At this same time that was happening (cool) bike messengers were further committing to the old ways.


steel tubes (reynolds or columbus)
1″ headset
quill stem
fixed gear
track drops.

While most cyclists was embracing domestic builders, new geometry and components messengers were feeding off the unlimited supply of now out of date classic racing bicycles available at low to no cost.

There was a golden era in the late 90’s when Italian Steel was being given away and reynolds… well you get the idea.

Shops like Toga on the Upper West Side in Manhattan went from all Italian Steel to American Aluminum seemingly overnight.

Very few racing shops held the traditional work down.

Cycles Bikyle outside of Philadelphia was one shop that did.

After I got hit by a car on South Street and fractured a couple vertebrae but before I moved to New York (for the 2nd time) Neil from Time Cycle got me a job at Bikyle.

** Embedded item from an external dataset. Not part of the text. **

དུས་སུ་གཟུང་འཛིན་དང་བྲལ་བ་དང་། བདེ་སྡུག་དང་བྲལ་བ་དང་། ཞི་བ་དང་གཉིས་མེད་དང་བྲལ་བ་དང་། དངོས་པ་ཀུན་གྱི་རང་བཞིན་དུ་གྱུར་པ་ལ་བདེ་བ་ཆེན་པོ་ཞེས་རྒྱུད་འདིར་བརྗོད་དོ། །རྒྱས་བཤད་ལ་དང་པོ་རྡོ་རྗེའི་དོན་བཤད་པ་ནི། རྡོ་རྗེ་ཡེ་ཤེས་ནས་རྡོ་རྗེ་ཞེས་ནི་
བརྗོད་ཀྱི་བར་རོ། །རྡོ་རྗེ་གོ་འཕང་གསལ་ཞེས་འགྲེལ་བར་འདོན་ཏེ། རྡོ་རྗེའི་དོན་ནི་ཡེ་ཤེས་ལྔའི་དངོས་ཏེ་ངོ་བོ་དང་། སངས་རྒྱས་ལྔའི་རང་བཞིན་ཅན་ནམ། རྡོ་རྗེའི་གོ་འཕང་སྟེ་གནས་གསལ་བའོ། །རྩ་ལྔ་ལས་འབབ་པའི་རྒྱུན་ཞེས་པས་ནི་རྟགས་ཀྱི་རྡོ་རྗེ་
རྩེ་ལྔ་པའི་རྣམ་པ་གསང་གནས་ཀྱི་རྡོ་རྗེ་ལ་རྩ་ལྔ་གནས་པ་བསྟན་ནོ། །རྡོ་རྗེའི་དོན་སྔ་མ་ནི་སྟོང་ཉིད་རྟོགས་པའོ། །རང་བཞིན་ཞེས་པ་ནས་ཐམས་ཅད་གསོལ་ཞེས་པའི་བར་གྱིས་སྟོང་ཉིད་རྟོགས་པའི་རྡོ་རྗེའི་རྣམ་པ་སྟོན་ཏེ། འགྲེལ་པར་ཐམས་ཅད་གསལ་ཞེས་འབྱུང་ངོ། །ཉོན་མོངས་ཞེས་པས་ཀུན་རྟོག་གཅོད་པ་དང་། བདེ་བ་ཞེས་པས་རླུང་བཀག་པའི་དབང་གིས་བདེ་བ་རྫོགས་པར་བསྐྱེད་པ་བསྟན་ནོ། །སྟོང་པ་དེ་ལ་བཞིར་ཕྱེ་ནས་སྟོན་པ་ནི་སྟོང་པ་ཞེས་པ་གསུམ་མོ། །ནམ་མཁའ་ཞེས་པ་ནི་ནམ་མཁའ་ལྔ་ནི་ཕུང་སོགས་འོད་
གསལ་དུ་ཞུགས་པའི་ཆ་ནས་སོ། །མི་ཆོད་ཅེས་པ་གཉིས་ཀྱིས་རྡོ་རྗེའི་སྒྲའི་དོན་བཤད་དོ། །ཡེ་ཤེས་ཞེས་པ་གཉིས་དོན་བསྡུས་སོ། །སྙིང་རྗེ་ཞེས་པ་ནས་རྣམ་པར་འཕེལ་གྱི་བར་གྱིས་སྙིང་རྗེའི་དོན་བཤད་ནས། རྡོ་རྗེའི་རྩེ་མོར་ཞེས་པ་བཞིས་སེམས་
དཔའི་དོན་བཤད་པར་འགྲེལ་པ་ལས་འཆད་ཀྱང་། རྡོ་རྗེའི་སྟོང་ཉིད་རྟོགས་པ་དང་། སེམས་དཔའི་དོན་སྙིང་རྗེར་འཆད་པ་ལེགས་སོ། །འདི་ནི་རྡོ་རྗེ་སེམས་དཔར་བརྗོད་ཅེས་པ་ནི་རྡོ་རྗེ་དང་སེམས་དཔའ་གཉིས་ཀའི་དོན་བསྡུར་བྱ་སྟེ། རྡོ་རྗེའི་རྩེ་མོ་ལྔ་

The first day I was there Antonio Mondonico was doing custom measurements for a lot of rich old guys. There was a reception. Wine and cheese etc. Mondonico was a legend and meeting him spurred my interest into learning more about italian bikes outside of Pinarello, Colnago and DeRosa.

This was in 99–Right before 2000 when a lot of people were still convinced that all the computers were going to shut down and there was going to be some kind of global disaster.

So ok I was hooked on racing bikes at the turn of the century.

And time moved on.

Messengers became detached from the old ways.

The track bike on the city street lost it’s connection to it’s originators.

Lost it’s connection to the messenger.

Lost it’s connection to immigrants.

You could see the older generations fading out at the bike swaps.

The old timers with their plastic containers full of campagnolo dust covers and bolts slowly dissapeared.

The seemingly endless supply of steel frames began to dwindle.

Ebay proliferated. Values rose. A young kid was priced out of owning Italian Steel, again.

At this same time the “urban cycling” thing was developing.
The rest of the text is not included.